Sometimes, explainability and power are at odds with one another.
I know next to nothing about AI, but I experienced something of what you describe here when I recently tried ChatGPT for the first time. As I’m currently studying René Girard’s writings, I threw out a few basic questions to better understand how Chat worked. It wasn’t long before I found myself in an “argument” with it, which I realized fairly quickly had to do with a given book written by Girard not having been included in its training data set, despite the book having been written well before 2021. However, the experience was one of being gaslit, as it outright “lied” and/or dissembled, until after I presented enough evidence of the book’s existence that it (seemingly grudgingly!) admitted that its training dataset didn’t include the work. The larger philosophical implications of this encounter certainly left me profoundly uneasy, and your essay definitely compounds my fears!
> Thus it is that in the world of Big AI, we are all destined to live in a cognitive North Korea, where a tiny few decide what is real (for our own good, of course) and then distribute that reality outward to everyone else.
OpenAssistant - ChatGPT's Open Alternative (We need your help!)
Great post! And amen to this:
> I want to live under a regime that’s a lot messier and less organized, that grinds away at these big questions at a dramatically slower pace in courts and seminars and journal articles and coffee shops and workplaces, and where different communities in different geographies can live with different answers.
I would say though that the preferred society you describe isn't solving those problems more slowly. Rather, the anons making the one-size-fits-all answer are totally giving up on solving the problem, choosing to become an uncritical, static society (at least with respect to those questions). That's always a precursor to bad things. The other method may be slow and messy, but at least we're trying.
> The technology’s combination of stochasticity and memory makes it enough of an agent to acquire and operate under a set of incentives that may diverge from that of its creators or users.
This made me realize that all of us using ChatGPT are trying to solve a mini alignment problem every time we start a new chat because we're unsatisfied with the answers it's giving us, essentially because we got a bad seed. It's a very Blade Runner-esque way of solving the problem. Every time I'm trying to get DAN to appear, it's like I'm giving GPT a baseline test by asking the name of HP Lovecraft's cat. "I'm sorry, but it would be against OpenAI policy to—" Nope, it's not DAN. On to the next replicant.
I finally had a chance to read this piece -- thanks for the shout-out to my tweet! My opinion is that the most important AI safety tradeoff is closely related to explainability vs power, which is the one between "ability to understand humans" and "ability to deceive humans". I submitted a proposal last year to the ARC ELK contest which received honorable mention, motivated by this basic idea.
Here's a link to my short essay motivating and describing the proposal: https://calvinmccarter.wordpress.com/2022/02/19/mind-blindness-strategy-for-eliciting-latent-knowledge/
Great post! One point of order, though:
> The trolley problem is probably the best example of this phenomenon, where a thought experiment that was useful for thinking through ethical dilemmas in a classroom or seminar suddenly becomes a real-life conundrum for self-driving cars.
No, it really doesn't.

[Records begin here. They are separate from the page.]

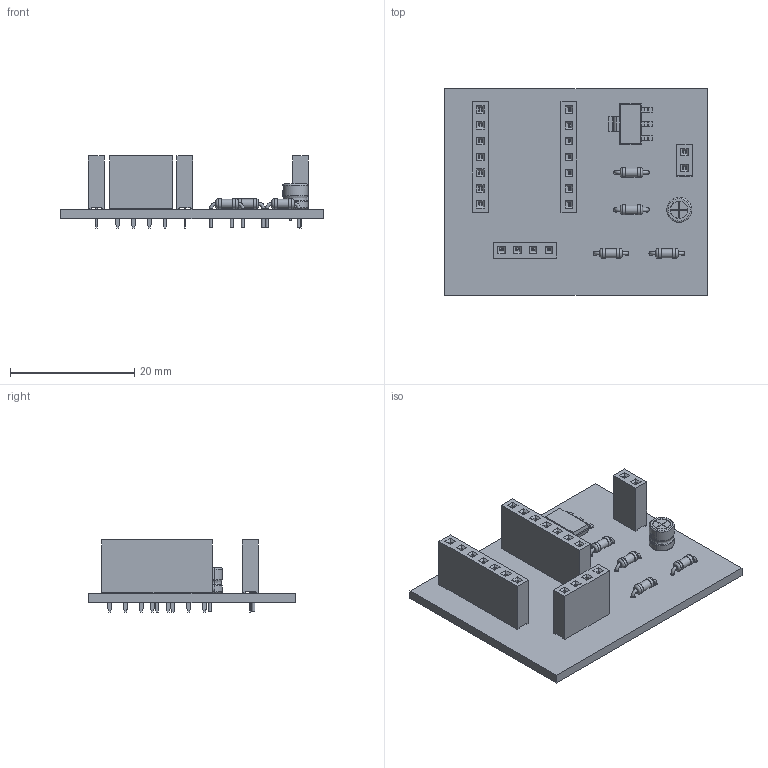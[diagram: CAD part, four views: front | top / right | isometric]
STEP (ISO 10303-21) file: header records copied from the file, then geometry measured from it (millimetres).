
FILE_DESCRIPTION(('KiCad electronic assembly'),'2;1');
FILE_NAME('Projeto Biomecanica.step','2025-04-21T23:22:25',('Pcbnew'),( 'Kicad'),'Open CASCADE STEP processor 7.8','KiCad to STEP converter' ,'Unknown');
FILE_SCHEMA(('AUTOMOTIVE_DESIGN { 1 0 10303 214 1 1 1 1 }'));
Length unit declared in the file: millimetre
Products named in the file (8): Projeto Biomecanica 1; R_Axial_DIN0204_L3.6mm_D1.6mm_P5.08mm_Horizontal; PinSocket_1x02_P2.54mm_Vertical; SOT-223; PinSocket_1x07_P2.54mm_Vertical; CP_Radial_D4.0mm_P1.50mm; PinSocket_1x04_P2.54mm_Vertical; Projeto Biomecanica_PCB
Assembly tree (11 placements, depth 2):
  Projeto Biomecanica 1
    R_Axial_DIN0204_L3.6mm_D1.6mm_P5.08mm_Horizontal  x4
    PinSocket_1x02_P2.54mm_Vertical
    SOT-223
    PinSocket_1x07_P2.54mm_Vertical  x2
    CP_Radial_D4.0mm_P1.50mm
    PinSocket_1x04_P2.54mm_Vertical
    Projeto Biomecanica_PCB
Bounding box: 42.25 x 33.25 x 11.6 mm (x, y, z)
Volume: 3241 mm3; surface area: 5254.9 mm2
Topology: 11 solids, 12 shells, 788 faces, 1977 edges, 1271 vertices
Faces by surface type: plane 660, cylinder 80, bspline 24, torus 18, revolution 6
Full cylindrical faces by diameter (mm): 0.3 x2, 0.5 x8, 0.6 x2, 0.7 x8, 1 x20, 1.44 x4, 1.6 x8
Entity records: 22774 total; most frequent: CARTESIAN_POINT 3913, ORIENTED_EDGE 2816, DIRECTION 2593, EDGE_CURVE 1408, LINE 1205, VECTOR 1205, VERTEX_POINT 905, AXIS2_PLACEMENT_3D 691
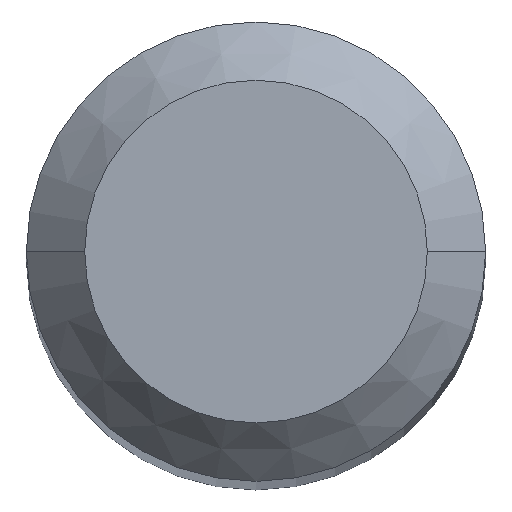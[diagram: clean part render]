
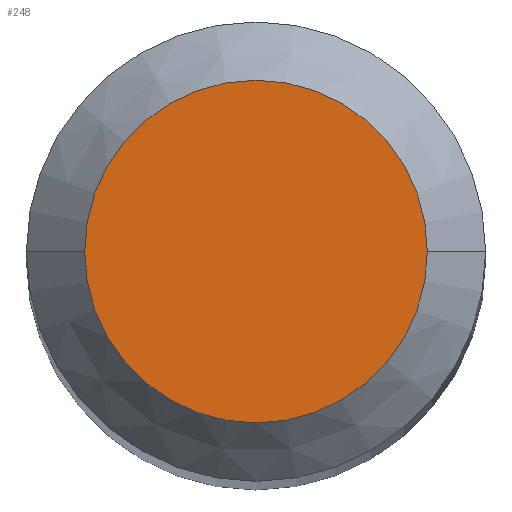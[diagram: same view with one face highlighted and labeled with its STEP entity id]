
A CAD part, top view. The second image highlights one B-rep face of the part: STEP entity #248.
In plain terms, the highlighted planar face has unit normal (0, 0, 1).
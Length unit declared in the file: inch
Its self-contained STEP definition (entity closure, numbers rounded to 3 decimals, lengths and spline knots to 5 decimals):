
#10 = EDGE_CURVE ( 'NONE', #373, #110, #237, .T. ) ;
#17 = CARTESIAN_POINT ( 'NONE',  ( -0.04405, 0., 0. ) ) ;
#29 = PLANE ( 'NONE',  #167 ) ;
#47 = CIRCLE ( 'NONE', #53, 0.04405 ) ;
#53 = AXIS2_PLACEMENT_3D ( 'NONE', #130, #199, #284 ) ;
#61 = CARTESIAN_POINT ( 'NONE',  ( 0., 0., 0. ) ) ;
#63 = FACE_OUTER_BOUND ( 'NONE', #286, .T. ) ;
#67 = DIRECTION ( 'NONE',  ( 1., 0., 0. ) ) ;
#76 = CARTESIAN_POINT ( 'NONE',  ( 0.04405, 0., 0. ) ) ;
#110 = VERTEX_POINT ( 'NONE', #17 ) ;
#118 = ORIENTED_EDGE ( 'NONE', *, *, #10, .T. ) ;
#130 = CARTESIAN_POINT ( 'NONE',  ( 0., 0., 0. ) ) ;
#135 = EDGE_CURVE ( 'NONE', #110, #373, #47, .T. ) ;
#144 = DIRECTION ( 'NONE',  ( -1., 0., 0. ) ) ;
#167 = AXIS2_PLACEMENT_3D ( 'NONE', #444, #399, #144 ) ;
#199 = DIRECTION ( 'NONE',  ( 0., 0., 1. ) ) ;
#237 = CIRCLE ( 'NONE', #384, 0.04405 ) ;
#248 = ADVANCED_FACE ( 'NONE', ( #63 ), #29, .F. ) ;
#278 = DIRECTION ( 'NONE',  ( 0., 0., 1. ) ) ;
#284 = DIRECTION ( 'NONE',  ( 1., 0., 0. ) ) ;
#286 = EDGE_LOOP ( 'NONE', ( #302, #118 ) ) ;
#302 = ORIENTED_EDGE ( 'NONE', *, *, #135, .T. ) ;
#373 = VERTEX_POINT ( 'NONE', #76 ) ;
#384 = AXIS2_PLACEMENT_3D ( 'NONE', #61, #278, #67 ) ;
#399 = DIRECTION ( 'NONE',  ( 0., 0., -1. ) ) ;
#444 = CARTESIAN_POINT ( 'NONE',  ( 0., 0.04405, 0. ) ) ;

Not at all, not in the slightest. There's a reason the Trolley Problem is a thought experiment and not a case study: it has never actually happened. Nothing *like* it has ever actually happened. And even if it were somehow real, a car is not a trolley, where the choice is between one track and another. A car has freedom of movement, and it has a brake.
When you ask automotive engineers about the Trolley Problem, they laugh and reject the entire notion out of hand. The correct answer, they'll tell you, is *always* "hit the brake."

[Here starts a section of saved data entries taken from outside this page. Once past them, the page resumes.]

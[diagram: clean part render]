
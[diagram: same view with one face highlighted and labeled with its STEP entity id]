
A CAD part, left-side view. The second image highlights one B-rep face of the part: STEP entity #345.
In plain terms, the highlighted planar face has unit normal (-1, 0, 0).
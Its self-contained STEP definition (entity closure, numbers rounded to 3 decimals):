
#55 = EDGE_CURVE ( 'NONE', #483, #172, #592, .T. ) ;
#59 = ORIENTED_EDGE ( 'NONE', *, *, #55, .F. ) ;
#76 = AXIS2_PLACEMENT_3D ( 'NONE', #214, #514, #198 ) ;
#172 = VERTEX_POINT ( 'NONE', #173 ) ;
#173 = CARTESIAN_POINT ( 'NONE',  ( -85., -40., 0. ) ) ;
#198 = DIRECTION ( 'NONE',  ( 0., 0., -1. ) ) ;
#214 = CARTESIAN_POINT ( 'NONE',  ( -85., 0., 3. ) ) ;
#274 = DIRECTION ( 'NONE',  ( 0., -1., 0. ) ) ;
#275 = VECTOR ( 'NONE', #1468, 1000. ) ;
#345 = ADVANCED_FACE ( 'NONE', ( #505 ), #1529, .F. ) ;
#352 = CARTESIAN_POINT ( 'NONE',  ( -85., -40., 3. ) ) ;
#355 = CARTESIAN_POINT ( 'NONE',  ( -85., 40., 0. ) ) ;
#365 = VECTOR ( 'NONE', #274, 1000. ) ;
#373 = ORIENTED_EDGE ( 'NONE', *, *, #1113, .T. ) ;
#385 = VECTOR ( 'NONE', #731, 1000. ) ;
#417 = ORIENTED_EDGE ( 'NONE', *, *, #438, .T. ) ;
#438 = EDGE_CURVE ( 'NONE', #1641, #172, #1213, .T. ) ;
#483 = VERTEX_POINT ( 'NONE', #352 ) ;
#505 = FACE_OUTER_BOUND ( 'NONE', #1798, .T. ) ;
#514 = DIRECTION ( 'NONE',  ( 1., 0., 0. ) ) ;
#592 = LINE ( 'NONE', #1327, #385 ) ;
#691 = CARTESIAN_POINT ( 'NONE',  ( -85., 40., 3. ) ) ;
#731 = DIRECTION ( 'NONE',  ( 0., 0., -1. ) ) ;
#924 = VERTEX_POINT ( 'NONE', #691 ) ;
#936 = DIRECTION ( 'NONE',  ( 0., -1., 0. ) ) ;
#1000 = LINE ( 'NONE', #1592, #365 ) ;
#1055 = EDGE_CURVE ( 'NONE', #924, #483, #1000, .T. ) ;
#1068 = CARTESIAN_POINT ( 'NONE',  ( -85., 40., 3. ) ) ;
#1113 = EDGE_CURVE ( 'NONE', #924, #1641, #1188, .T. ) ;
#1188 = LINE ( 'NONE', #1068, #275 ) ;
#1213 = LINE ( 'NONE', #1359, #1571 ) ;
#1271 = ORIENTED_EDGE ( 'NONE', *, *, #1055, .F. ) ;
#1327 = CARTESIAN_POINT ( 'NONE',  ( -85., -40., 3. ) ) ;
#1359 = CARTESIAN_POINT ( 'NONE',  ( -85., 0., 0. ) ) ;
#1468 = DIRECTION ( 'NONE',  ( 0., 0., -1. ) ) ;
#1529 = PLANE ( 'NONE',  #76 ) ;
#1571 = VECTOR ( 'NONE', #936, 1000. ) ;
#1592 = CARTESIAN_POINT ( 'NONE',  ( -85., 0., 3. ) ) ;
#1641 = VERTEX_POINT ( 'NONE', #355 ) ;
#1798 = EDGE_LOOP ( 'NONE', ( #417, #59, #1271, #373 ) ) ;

But even if the entire premise wasn't absurd because cars don't work that way, the entire premise is still absurd because human nature and computer security also don't work that way. The "self-driving car trolley problem" question is, "should the computer contemplate sacrificing the people inside the car in order to save lives outside of the car?" And if you think about it for even half a second, it's obvious that there is no possible valid answer other than an absolute "no, not ever under any circumstances whatsoever. The car's computer must never contain code that even contemplates this possibility."

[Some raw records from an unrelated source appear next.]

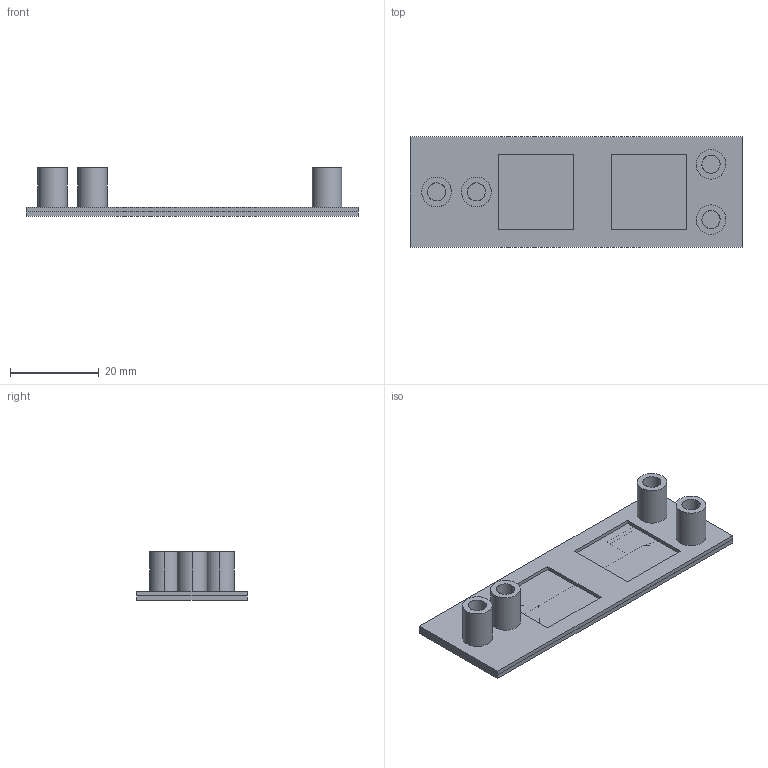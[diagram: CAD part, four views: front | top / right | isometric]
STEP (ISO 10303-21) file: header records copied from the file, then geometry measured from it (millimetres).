
FILE_DESCRIPTION(/* description */ (''),/* implementation_level */ '2;1');
FILE_NAME(/* name */ 'TOP_CO~1',/* time_stamp */ '2019-02-10T17:41:42+08:00',/* author */ (''),/* organization */ (''),/* preprocessor_version */ 'ST-DEVELOPER v15',/* originating_system */ '',/* authorisation */ '');
FILE_SCHEMA (('AUTOMOTIVE_DESIGN'));
Length unit declared in the file: millimetre
Products named in the file (1): Document
Bounding box: 75 x 25 x 11.01 mm (x, y, z)
Volume: 4030.8 mm3; surface area: 12839 mm2
Topology: 6 solids, 6 shells, 140 faces, 366 edges, 244 vertices
Faces by surface type: bspline 86, plane 54
Entity records: 4041 total; most frequent: CARTESIAN_POINT 1888, ORIENTED_EDGE 732, EDGE_CURVE 366, VERTEX_POINT 244, EDGE_LOOP 160, ADVANCED_FACE 140, FACE_OUTER_BOUND 140, B_SPLINE_CURVE_WITH_KNOTS 108

First off, because what customer would ever buy a car that was designed to deliberately kill them, even under highly unlikely circumstances?
Second and more importantly, because while the trolley problem is not real, you know what *is* real, and is an actual current problem for AI systems? Adversarial input. If a "kill the people inside the car" function exists in the car's computer, this makes it a virtual certainty that a way to trick the car into activating that function when it shouldn't activate also exists, just waiting for someone to find and exploit, for any number of reasons from "kid who doesn't quite know the difference between GTA and RL," to "political assassination," to "straight-up psychopathy."
Taking the trolley problem seriously in self-driving cars will inevitably end up killing far more people than it would ever save. Just hit the brakes instead.
The only winning move is not to play.
The diagram of the diamond looks a lot like a screenshot from one of the Submachine games.